SUPPLIED DATA>
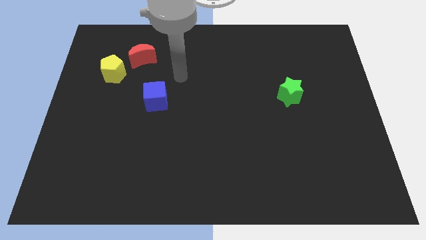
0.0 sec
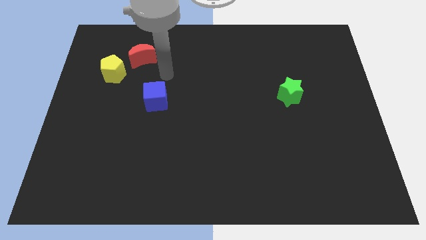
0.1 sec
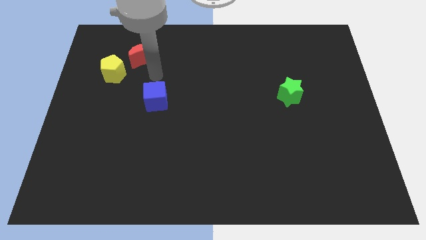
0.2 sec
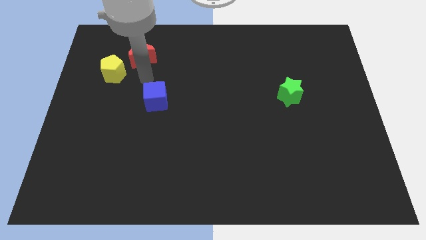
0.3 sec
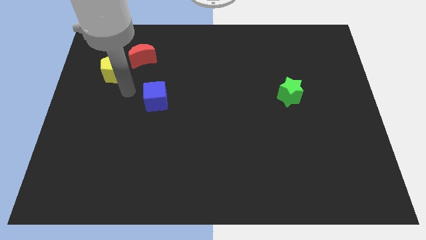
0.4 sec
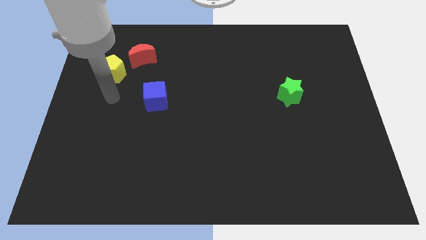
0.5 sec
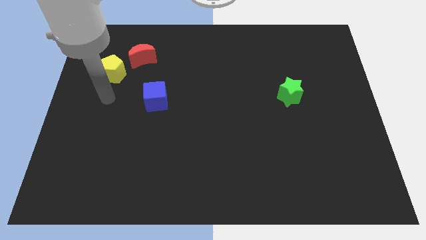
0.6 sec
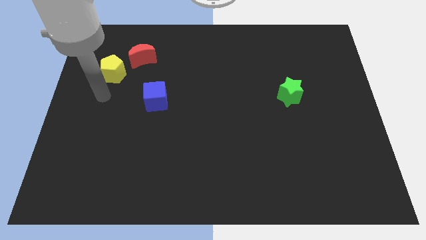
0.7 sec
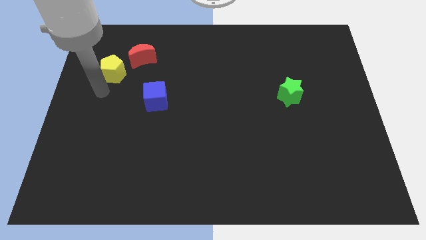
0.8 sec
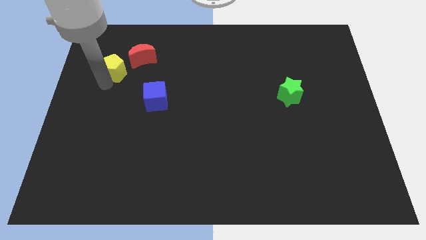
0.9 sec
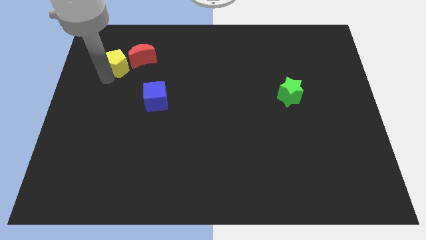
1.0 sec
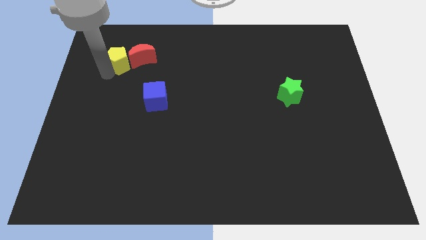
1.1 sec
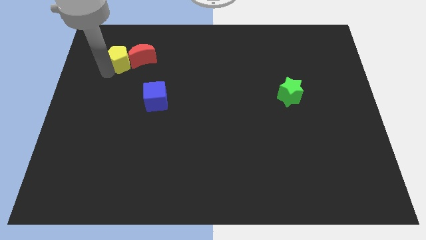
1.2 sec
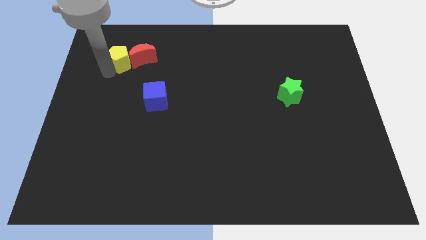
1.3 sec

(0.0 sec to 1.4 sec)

HOW TO COMPLETE THIS TASK> A word-for-word copy of the entries above is needed, with every picture dropped.

WRITTEN RESPONSE>
0.0 sec
0.1 sec
0.2 sec
0.3 sec
0.4 sec
0.5 sec
0.6 sec
0.7 sec
0.8 sec
0.9 sec
1.0 sec
1.1 sec
1.2 sec
1.3 sec

(0.0 sec to 1.4 sec)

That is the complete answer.